Open ireneisdoomed opened 1 year ago
From the dataset described here, I have defined whether a mentioned entity is a disease or a phenotype by looking at the ancestors for each ID.
If "phenotype" or "measurement" was an ancestor of the mentioned ID, the term is tagged as phenotype otherwise it is considered a disease.
In the end, out of the 136_814_572 strings, 11_416_088 (~10%) have been labeled as phenotypes.
Code to reproduce:
diseases = (
spark.read.parquet("gs://open-targets-pre-data-releases/23.02/output/etl/parquet/diseases")
.withColumn("ancestors", f.array_union(f.array(f.col("id")), f.col("ancestors")))
.withColumn("isPhenotype", f.when(
(f.array_contains(f.col("ancestors"), phenotype_ids[0])) |
(f.array_contains(f.col("ancestors"), phenotype_ids[1])), f.lit(True))
.otherwise(f.lit(False))
)
.withColumn("isDisease", f.when(f.col("isPhenotype") == True, f.lit(False)).otherwise(f.lit(True))
)
matched_diseases = matched_diseases.join(diseases.withColumnRenamed("id", "efo_id"), on="efo_id", how="inner")

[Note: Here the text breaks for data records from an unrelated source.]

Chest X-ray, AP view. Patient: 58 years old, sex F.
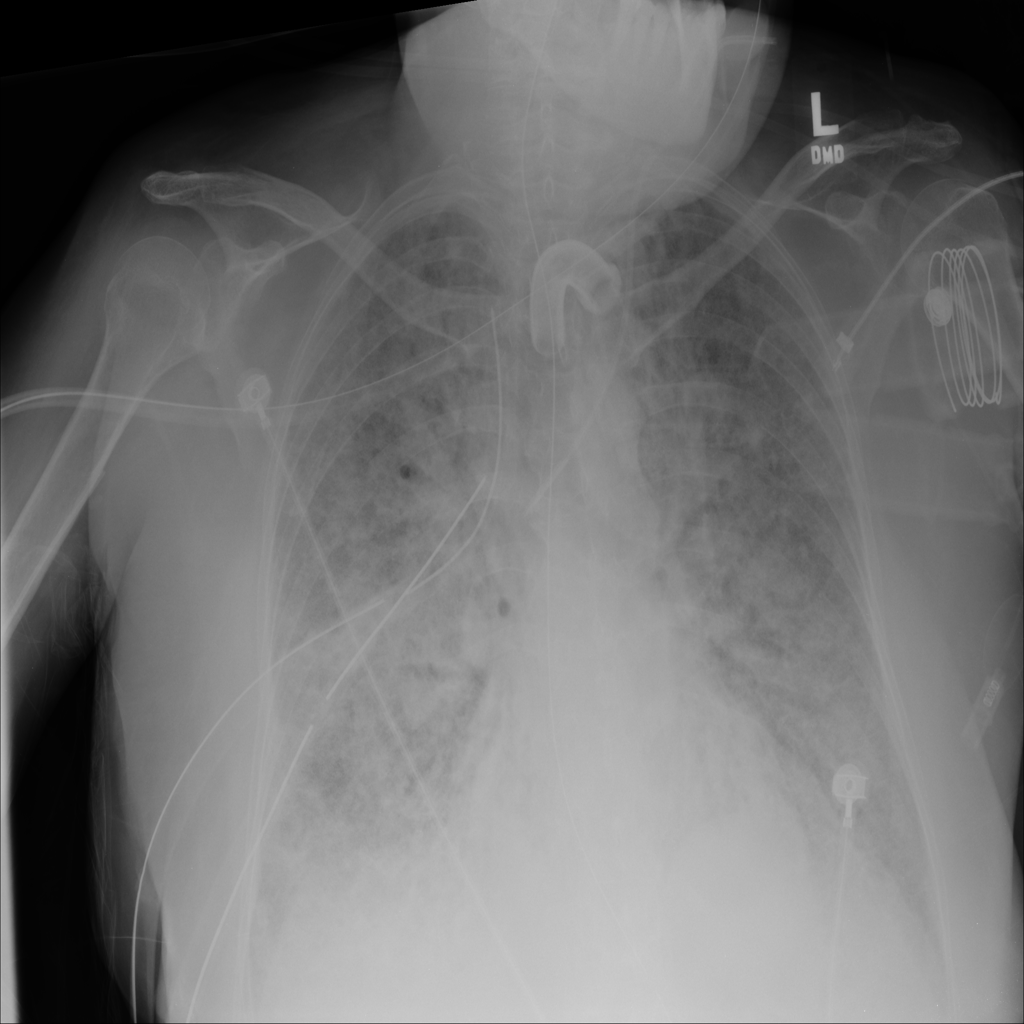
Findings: No Finding

matched_diseases.write.option("compression", "gzip").mode("overwrite").parquet("gs://ot-team/irene/matches_diseases")
matched_diseases.printSchema()
root
|-- efo_id: string (nullable = true)
|-- pmid: string (nullable = true)
|-- pmcid: string (nullable = true)
|-- text: string (nullable = true)
|-- label: string (nullable = true)
|-- ancestors: array (nullable = true)
| |-- element: string (containsNull = true)
|-- isPhenotype: boolean (nullable = true)
|-- isDisease: boolean (nullable = true)
Now we have a dataset to build our vector space.